The king looked as though he expected a reply but when she merely inclined her head to listen, he plunged on. “And so, Her Grace and I have hearkened to Lord Holland’s plea that he be allowed to petition Pope Clement VI at Avignon to settle the matter.”
“To settle it that she be married to me as was promised in the lawful betrothal here at Windsor chapel and before the queen,” Thomas Holland inserted.
“Ah, by the rood—that is what you have declared, Sir Thomas, but the Salisbury thing, you know—” the king said, significantl
y raising his voice and one eyebrow.
“Aye, a marriage with my Lord Salisbury before the queen at the altar in Calais,” Joan added, her heart beginning to pound beneath her velvet bodice. The heady feeling of deserved retribution swept through her like a warming wind. But the ultimate recipient of any revenge she might seek must be the king himself and not only his dear wife and precious son.

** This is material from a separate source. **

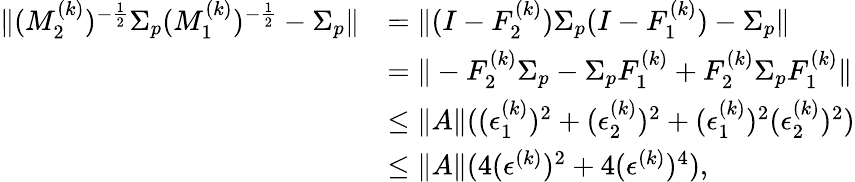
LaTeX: \begin{array}{rl}{\| (M_{2}^{(k)})^{-\frac{1}{2}}\Sigma_{p}(M_{1}^{(k)})^{-\frac{1}{2}}-\Sigma_{p}\| }&{=\| (I-F_{2}^{(k)})\Sigma_{p}(I-F_{1}^{(k)})-\Sigma_{p}\| }\\ &{=\| -F_{2}^{(k)}\Sigma_{p}-\Sigma_{p}F_{1}^{(k)}+F_{2}^{(k)}\Sigma_{p}F_{1}^{(k)}\| }\\ &{\leq\| A\| ((\epsilon_{1}^{(k)})^{2}+(\epsilon_{2}^{(k)})^{2}+(\epsilon_{1}^{(k)})^{2}(\epsilon_{2}^{(k)})^{2})}\\ &{\leq\| A\| (4(\epsilon^{(k)})^{2}+4(\epsilon^{(k)})^{4}),}\end{array}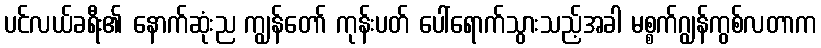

“As I have told my lord king,” Her Grace said, her voice sounding pale and colorless next to the vibrancy of the three others, “I only acted in accordance with circumstances as I viewed them. It was obvious to me, my dear Jeannette, that you needed a steadying hand I could not always lend in lieu of my heavy burdens with my children, despite the fact our Isabella benefited—it seemed—from your presence. And now, I am not certain that—”
“St. George, my dearest, I bid you pass over that silliness if you intend to bring that all up again,” King Edward interrupted. “Mere frivolity in the joy of the moment in that little parade yesterday, eh, Lady Joan?”
Joan bathed her king in the most dazzling smile she could manage. It amused her mightily—a hero rescuer in the king himself to ward off the queen’s meddling and, perhaps, even the blatantly rude and boorish behavior of the court’s esteemed and adored Prince of Wales.
“Aye, my lord king,” she said, the pouting smile still curving her lifted lips, “just a delightful jest to bespeak our joy for your wonderful French victories. I know proper demoiselles are never to admit such things, but in my heart, at times, I wish I had been there, a warrior to help. It must have been so exhilarating, so glorious to be there with you that day.”